** Given records follows **
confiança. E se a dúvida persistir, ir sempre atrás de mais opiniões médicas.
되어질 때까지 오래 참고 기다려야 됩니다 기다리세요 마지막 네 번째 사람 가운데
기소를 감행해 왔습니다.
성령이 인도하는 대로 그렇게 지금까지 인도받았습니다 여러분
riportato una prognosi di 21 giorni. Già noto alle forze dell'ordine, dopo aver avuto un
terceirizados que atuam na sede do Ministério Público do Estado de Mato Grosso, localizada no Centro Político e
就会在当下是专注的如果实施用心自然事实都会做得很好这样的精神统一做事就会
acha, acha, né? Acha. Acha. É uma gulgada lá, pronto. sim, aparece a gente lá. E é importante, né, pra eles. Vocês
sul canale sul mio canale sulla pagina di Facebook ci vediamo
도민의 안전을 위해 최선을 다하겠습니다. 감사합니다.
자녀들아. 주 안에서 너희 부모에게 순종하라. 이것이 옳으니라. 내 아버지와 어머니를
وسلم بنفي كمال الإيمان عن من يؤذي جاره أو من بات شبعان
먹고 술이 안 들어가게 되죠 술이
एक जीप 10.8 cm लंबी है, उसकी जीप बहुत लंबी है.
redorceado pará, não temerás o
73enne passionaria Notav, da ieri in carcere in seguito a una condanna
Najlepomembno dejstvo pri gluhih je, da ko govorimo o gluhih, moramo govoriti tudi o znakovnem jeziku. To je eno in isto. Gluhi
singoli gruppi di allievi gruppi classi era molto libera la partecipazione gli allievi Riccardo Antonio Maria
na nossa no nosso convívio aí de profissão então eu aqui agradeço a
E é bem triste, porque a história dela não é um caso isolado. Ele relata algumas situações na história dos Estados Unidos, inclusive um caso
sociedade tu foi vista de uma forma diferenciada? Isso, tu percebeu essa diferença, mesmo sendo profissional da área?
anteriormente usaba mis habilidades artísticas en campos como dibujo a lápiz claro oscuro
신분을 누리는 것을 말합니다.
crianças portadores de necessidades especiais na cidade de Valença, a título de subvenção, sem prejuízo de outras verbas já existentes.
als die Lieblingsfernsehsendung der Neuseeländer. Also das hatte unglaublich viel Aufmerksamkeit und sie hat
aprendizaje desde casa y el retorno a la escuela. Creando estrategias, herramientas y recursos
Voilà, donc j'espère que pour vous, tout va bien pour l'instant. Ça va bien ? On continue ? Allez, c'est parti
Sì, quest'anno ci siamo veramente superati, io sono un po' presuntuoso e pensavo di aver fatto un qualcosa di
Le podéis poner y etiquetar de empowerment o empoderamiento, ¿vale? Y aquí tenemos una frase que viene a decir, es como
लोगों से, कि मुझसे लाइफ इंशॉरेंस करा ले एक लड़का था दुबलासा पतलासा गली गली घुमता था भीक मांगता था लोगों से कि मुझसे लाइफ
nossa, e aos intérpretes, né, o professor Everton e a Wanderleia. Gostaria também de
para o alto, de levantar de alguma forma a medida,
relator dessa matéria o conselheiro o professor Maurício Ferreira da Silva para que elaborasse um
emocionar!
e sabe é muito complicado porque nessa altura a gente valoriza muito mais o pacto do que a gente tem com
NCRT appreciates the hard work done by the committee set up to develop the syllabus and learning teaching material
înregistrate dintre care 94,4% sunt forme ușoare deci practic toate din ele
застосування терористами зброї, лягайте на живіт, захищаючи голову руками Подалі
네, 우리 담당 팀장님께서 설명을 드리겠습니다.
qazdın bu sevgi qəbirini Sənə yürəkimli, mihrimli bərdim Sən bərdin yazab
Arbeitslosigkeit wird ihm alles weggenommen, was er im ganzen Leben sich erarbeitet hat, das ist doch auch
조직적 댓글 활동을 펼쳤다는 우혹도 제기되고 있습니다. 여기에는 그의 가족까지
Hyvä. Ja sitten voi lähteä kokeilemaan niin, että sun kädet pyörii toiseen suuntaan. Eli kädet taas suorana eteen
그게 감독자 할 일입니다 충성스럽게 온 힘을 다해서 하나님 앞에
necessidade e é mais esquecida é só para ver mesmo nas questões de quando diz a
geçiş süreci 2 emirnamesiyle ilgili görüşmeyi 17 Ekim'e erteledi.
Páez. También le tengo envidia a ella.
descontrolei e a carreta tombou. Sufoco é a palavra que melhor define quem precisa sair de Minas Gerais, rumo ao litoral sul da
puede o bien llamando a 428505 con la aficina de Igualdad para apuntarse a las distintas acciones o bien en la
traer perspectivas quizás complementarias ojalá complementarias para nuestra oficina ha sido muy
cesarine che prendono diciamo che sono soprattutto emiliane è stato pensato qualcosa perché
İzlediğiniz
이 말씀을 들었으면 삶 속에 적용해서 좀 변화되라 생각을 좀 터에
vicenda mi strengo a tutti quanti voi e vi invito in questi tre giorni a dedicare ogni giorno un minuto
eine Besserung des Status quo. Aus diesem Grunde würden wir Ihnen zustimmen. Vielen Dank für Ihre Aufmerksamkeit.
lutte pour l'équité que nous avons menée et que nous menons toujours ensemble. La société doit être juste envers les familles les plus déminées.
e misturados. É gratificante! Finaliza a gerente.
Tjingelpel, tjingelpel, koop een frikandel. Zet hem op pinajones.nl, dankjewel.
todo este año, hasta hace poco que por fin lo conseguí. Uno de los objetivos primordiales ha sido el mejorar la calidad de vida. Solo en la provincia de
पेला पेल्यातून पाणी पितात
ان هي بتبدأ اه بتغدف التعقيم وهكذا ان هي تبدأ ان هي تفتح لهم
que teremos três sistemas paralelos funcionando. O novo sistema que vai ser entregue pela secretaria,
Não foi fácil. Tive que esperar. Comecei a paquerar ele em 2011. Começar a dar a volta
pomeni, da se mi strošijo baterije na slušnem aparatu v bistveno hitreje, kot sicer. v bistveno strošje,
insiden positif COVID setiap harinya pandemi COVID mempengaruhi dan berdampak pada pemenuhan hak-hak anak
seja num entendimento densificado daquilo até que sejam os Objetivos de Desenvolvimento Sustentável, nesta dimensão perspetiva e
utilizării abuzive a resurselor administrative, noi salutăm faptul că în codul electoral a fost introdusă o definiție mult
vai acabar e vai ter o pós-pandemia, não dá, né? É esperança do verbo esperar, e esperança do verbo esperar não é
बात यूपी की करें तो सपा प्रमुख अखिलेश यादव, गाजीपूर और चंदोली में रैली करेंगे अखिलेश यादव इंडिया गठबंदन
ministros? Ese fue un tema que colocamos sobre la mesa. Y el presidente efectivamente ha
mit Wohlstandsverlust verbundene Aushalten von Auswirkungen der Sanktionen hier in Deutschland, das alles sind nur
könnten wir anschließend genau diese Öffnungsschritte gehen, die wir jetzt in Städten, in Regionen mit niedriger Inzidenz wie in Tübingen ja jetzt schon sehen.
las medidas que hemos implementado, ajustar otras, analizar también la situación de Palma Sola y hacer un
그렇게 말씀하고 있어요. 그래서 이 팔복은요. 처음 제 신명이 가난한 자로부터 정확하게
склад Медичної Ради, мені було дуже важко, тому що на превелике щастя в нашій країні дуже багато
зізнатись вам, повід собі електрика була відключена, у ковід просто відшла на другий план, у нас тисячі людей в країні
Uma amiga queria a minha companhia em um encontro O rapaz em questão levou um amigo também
** End of Given records **
### Required work:
Extract each line holding the word "forma" from the records.

### Result below:
sociedade tu foi vista de uma forma diferenciada? Isso, tu percebeu essa diferença, mesmo sendo profissional da área?
para o alto, de levantar de alguma forma a medida,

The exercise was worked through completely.